OK, production side, that I follow pretty carefully.
They really do believe that they've got everything going at 7K/week, and I do think the earnings release indicated that they were actually targeting higher numbers for the future. ("All manufacturing equipment in Fremont has demonstrated capability of a 7,000 Model 3 vehicles per week run rate, which we continue to work to increase.")
There don't seem to be major plans for downtime on the Model 3 lines in Q3. If they've actually reached 6500/week, that's 84500 production; even with some building up of the pipeline, deliveries should be in the 80K range. If you instead assume 2 weeks downtime (likely excessive for Q3) and 7K rate when operating, you get 77K.
So I actually do believe your 78K number for model 3, and I think it is likely to be low.
I think your S/X number is also too low. I'm expecting circa 18000.
I think your GMs are too high, though. I'd stick with same margins as Q2 on 3 and S/X. Service gross margin *needs* to drop in order to provide reasonable service.
Storage is kind of hard to calculate (we have no clear insight on the gross margins due to mixing it with solar sales & leases), but it is showing massive QoQ growth rates, and your model suggests that Q3 will be the same as Q2. With battery cell restrictions being removed, I don't see why this would be the case. I would make a WAG that they'll actually be up to 300000 in revenue rather than your 257000
OK. Could you try assuming higher Model 3 production, higher Storage sales, and lower GMs?
If I assume 15% GM on Model S/X but also assume 18K cars, this raises profit by 13350.
If I assume 18.7% GM on Model 3 but also assume 80K cars, this lowers profit by 32128.
If I assume 300000 revenue on Storage and stick with your 11% GM assumption, which seems plausible at that scale, this raises profit by 4678.50.
So I guess my model looks even worse than yours.
The key issue seems to be the GM on Model 3, which makes sense. To make up for the GM staying at 18.7% Tesla would have to push out about 5500 more cars than in your model, or about 84K Model 3s. To further reach non-GAAP profitability (still assuming GM of 18.7%), they'd have to push out an additional 3000, or about 87K Model 3s (actually 86414 based on this model, but that's excess precision).
Now, that's about 6648/week. Or 7000/week with 4 days downtime. Given what I've heard... I actually think this is possible in Q3. But it's also quite possible that they'll miss the target.
It's an economies of scale business, so it's all about the volume. Either way, Q3 will have substantial positive free cash flow. Depreciation & amortization is now over $500 million per quarter, capex is under $250 million per quarter (and it was emphasized that that is sustainable), so free cash flow is running $250 million ahead of non-GAAP profit, structurally (before timing effects like inventory and accounts payable/receivable).

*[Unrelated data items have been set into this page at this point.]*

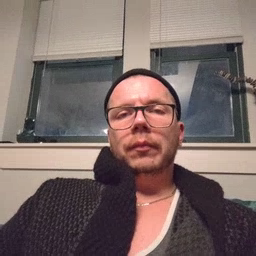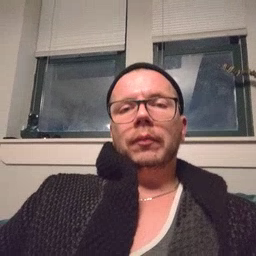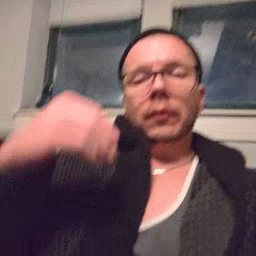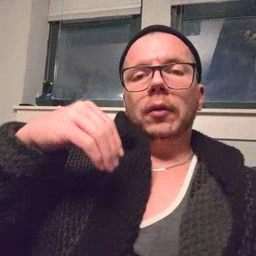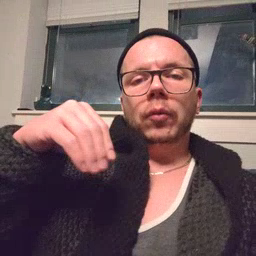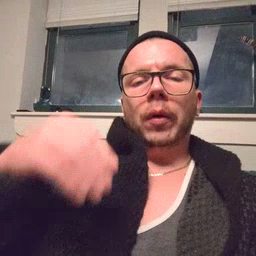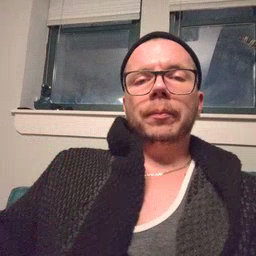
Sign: store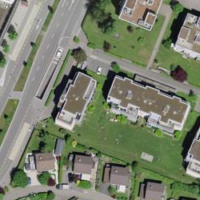
EUNIS habitat code: 55
Species observed at this site:
Calliteara pudibunda
Vespula rufa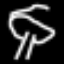
Label: mushroom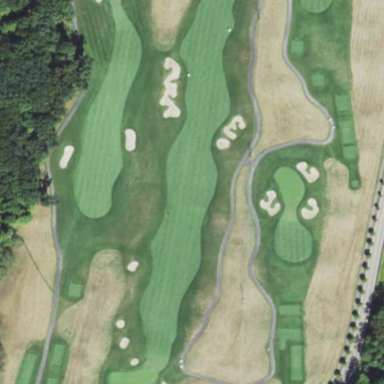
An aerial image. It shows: Grassy area designated as golf fairway.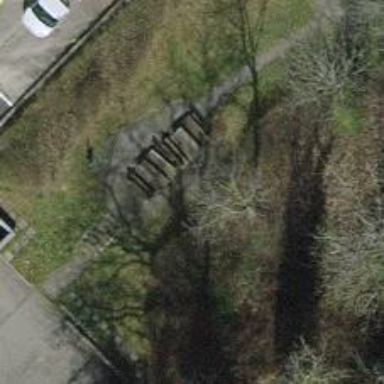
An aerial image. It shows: Picnic table located in leisure land area.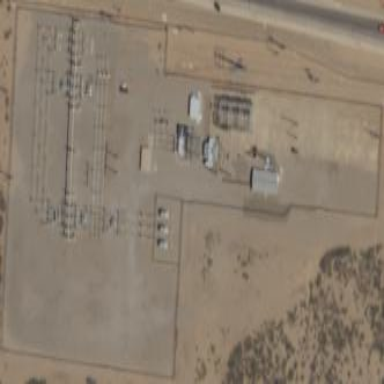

So they are, as they said, self-funding. They also have the cash to pay off the November 2019 bond from two quarters' free cash flow, without inventory shenanigans. They have enough cash from the stock & bond issuance to easily pay off all the non-recourse debt which comes due this year, too, and still have working cash.
TLDR: They are structurally free cash flow positive by at least $200 million/quarter. To reach non-GAAP profit they need 87K Model 3s in Q3; we'll see in early September! Higher GM would of course improve matters.
P.S. For GAAP profit, however, due to the goofy stock-based-compensation accounting, they'd need 109K Model 3s in a quarter, which seems impossible.